The safety and scientific validity of this study is the responsibility of the study sponsor and investigators. Listing a study does not mean it has been evaluated by the U.S. Federal Government. Read our disclaimer for details. Identifier: NCT00419770
Recruitment Status : Completed
First Posted : January 9, 2007
Results First Posted : October 6, 2011
Last Update Posted : October 6, 2011
Gilead Sciences
Astellas Pharma Inc
Information provided by (Responsible Party):
Lundquist Institute for Biomedical Innovation at Harbor-UCLA Medical Center

Brief Summary:
The purpose of this study is to determine if the addition of the medication, deferasirox, to standard antifungal therapy for the infection, mucormycosis, is safe and effective

Condition or disease Intervention/treatment Phase
Mucormycosis Drug: deferasirox Drug: Placebo Drug: Liposomal amphotericin B Phase 2

Detailed Description:

Because of its extremely high morbidity and mortality, it is imperative to look for new antifungal therapies to treat mucormycosis.

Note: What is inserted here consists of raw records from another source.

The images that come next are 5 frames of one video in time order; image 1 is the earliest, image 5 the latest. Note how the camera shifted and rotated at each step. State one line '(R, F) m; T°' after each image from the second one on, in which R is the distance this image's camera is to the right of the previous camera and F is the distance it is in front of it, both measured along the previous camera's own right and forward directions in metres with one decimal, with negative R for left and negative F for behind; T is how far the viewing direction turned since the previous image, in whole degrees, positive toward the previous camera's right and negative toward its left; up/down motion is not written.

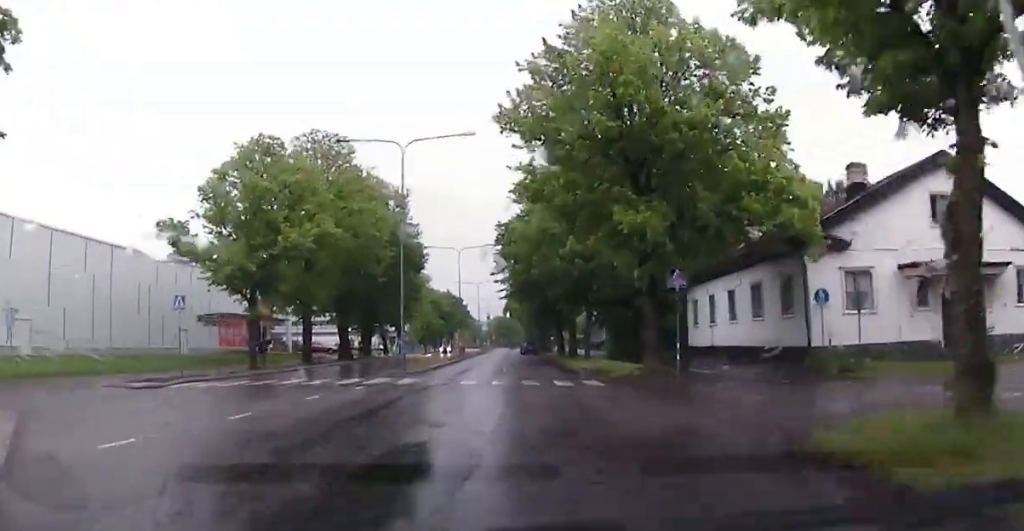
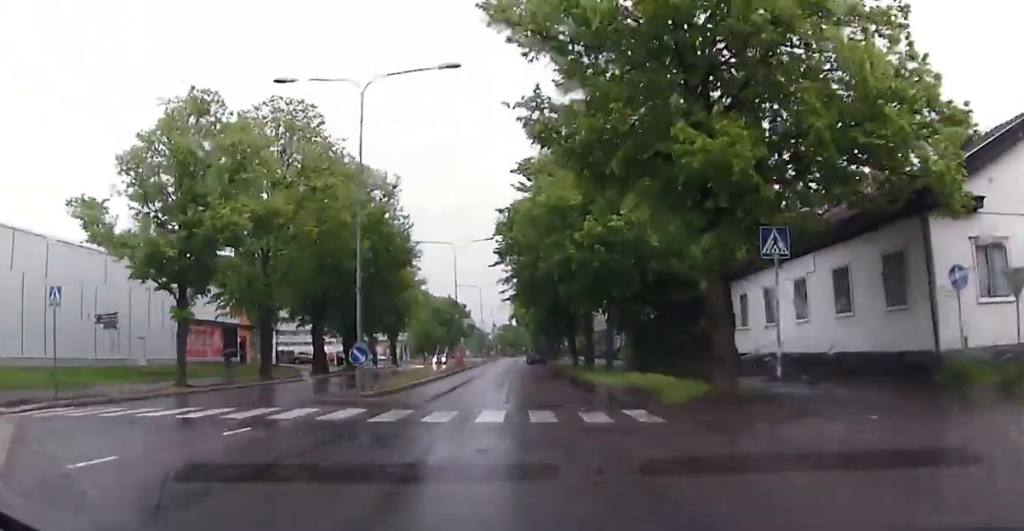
(0.0, +8.6) m; 0°
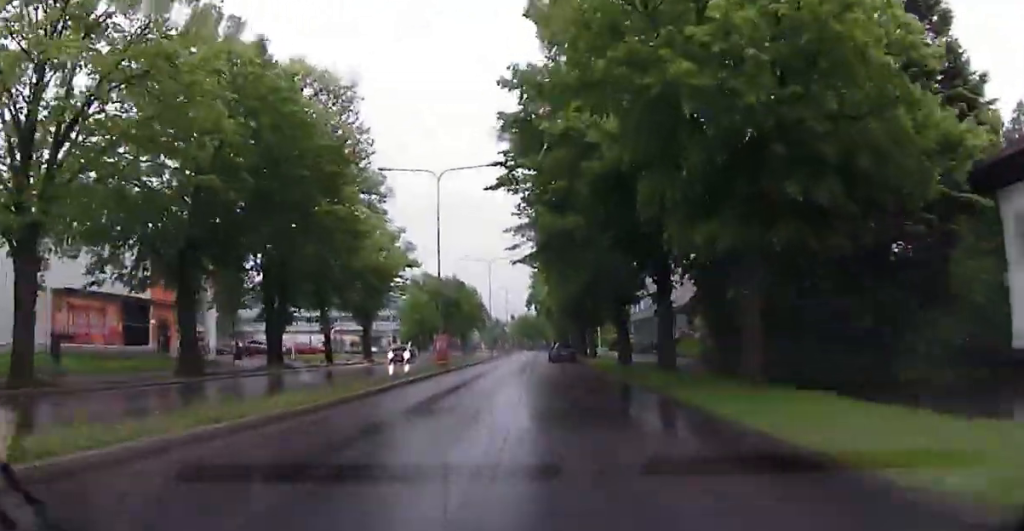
(-0.3, +21.3) m; -3°
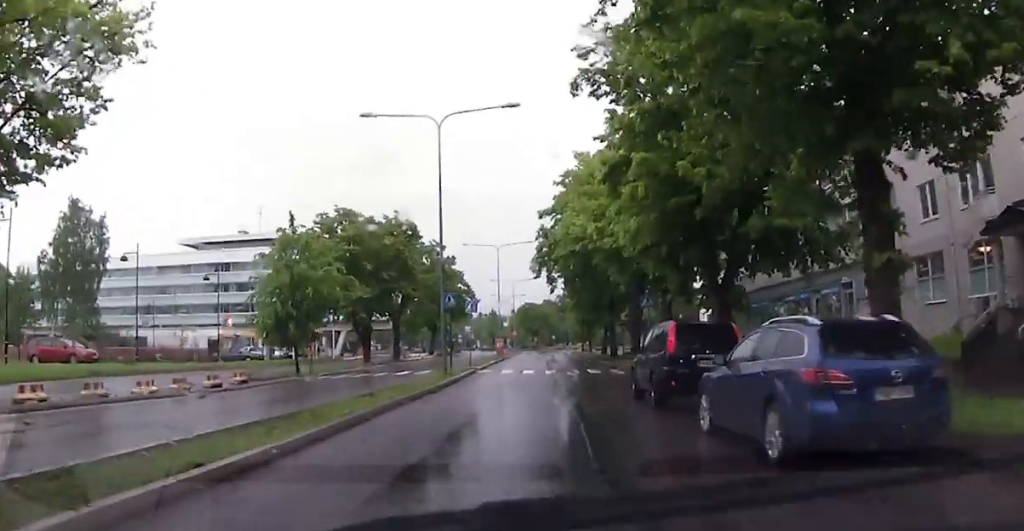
(-0.8, +45.8) m; +2°
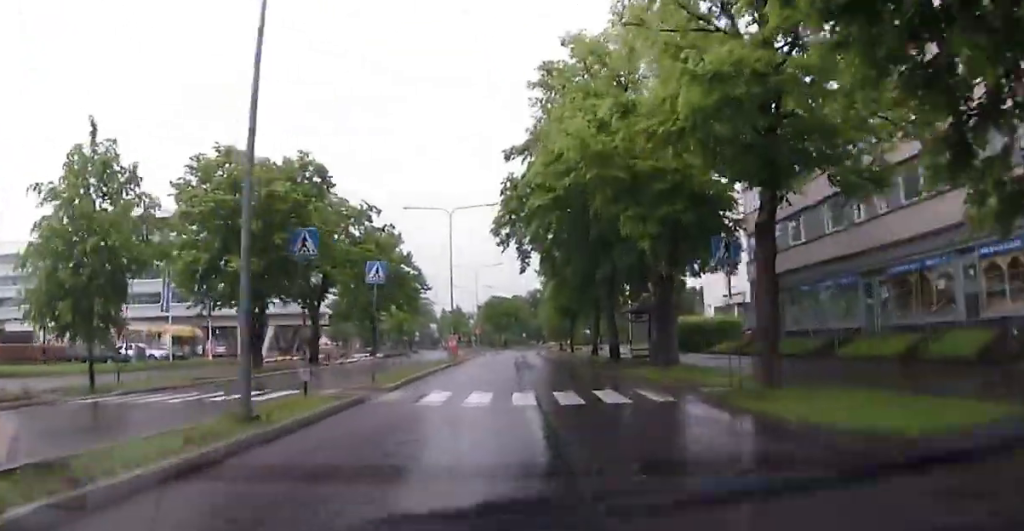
(+0.3, +16.3) m; +1°

The agents of mucormycosis are exquisitely sensitive to iron availability, and we and others have demonstrated that iron chelation therapy improves the survival of rodents with mucormycosis. Deferasirox (Exjade) is the first orally bioavailable iron chelator approved for use in the United States (US) by the Food and Drug Administration (FDA), with an indication for treatment of iron overload from chronic transfusions. In clinical studies, deferasirox has been well tolerated and effective in iron-overloaded patients.

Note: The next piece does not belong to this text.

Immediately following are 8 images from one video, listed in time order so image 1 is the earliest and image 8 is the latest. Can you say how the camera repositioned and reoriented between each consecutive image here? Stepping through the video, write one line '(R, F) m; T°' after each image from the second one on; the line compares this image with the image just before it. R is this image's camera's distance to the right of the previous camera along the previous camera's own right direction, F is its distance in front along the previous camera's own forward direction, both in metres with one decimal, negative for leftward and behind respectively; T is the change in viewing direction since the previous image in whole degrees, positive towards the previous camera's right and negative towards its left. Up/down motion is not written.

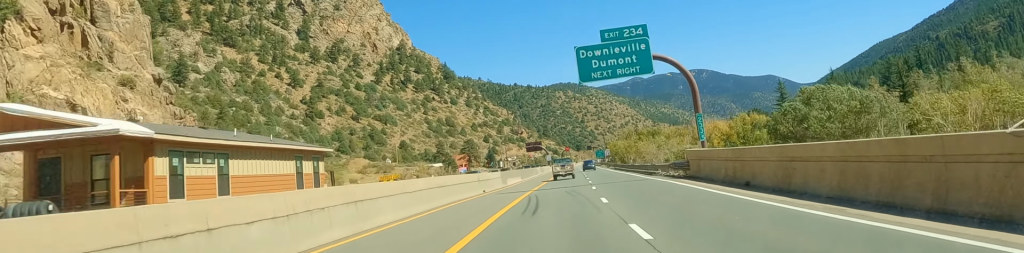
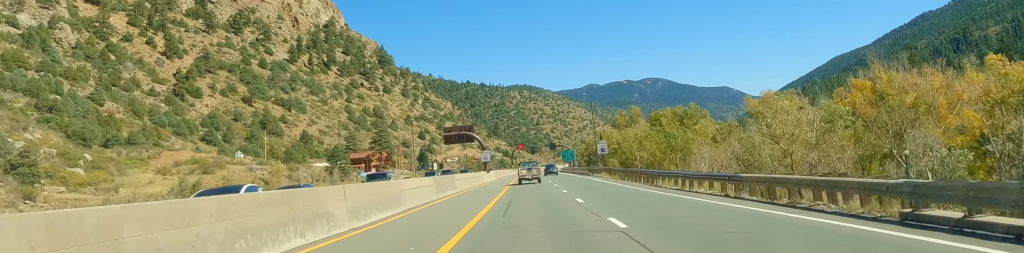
(+1.6, +93.7) m; 0°
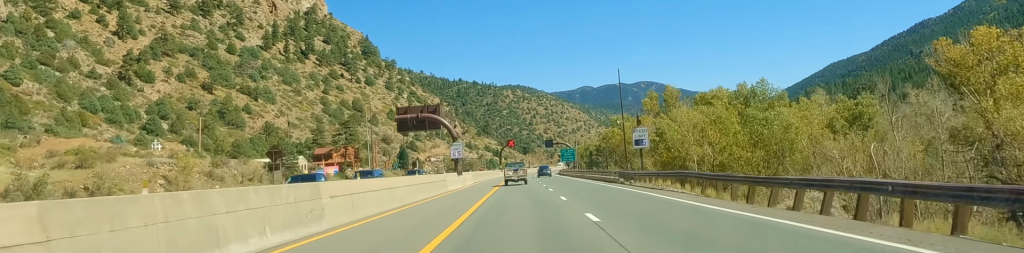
(+0.3, +34.3) m; 0°
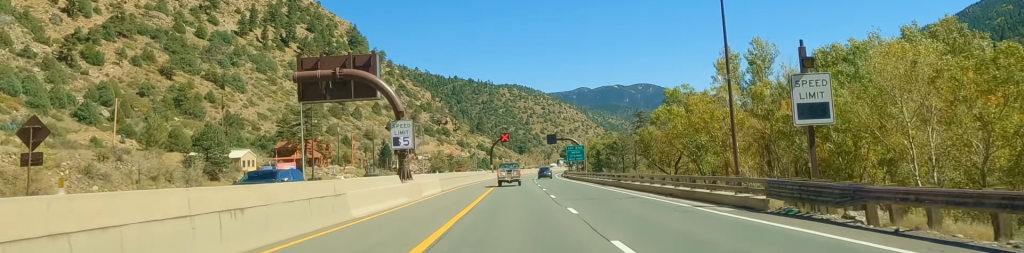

Although the safety and efficacy of deferasirox have been extensively evaluated in iron-overloaded patients, there are minimal data in non-iron-overloaded patients or in infected patients. Therefore, the safety and efficacy of deferasirox in patients with mucormycosis is unclear, and confirming safety in the current study, at the currently planned dose, is required to lay the groundwork for a future phase III clinical trial.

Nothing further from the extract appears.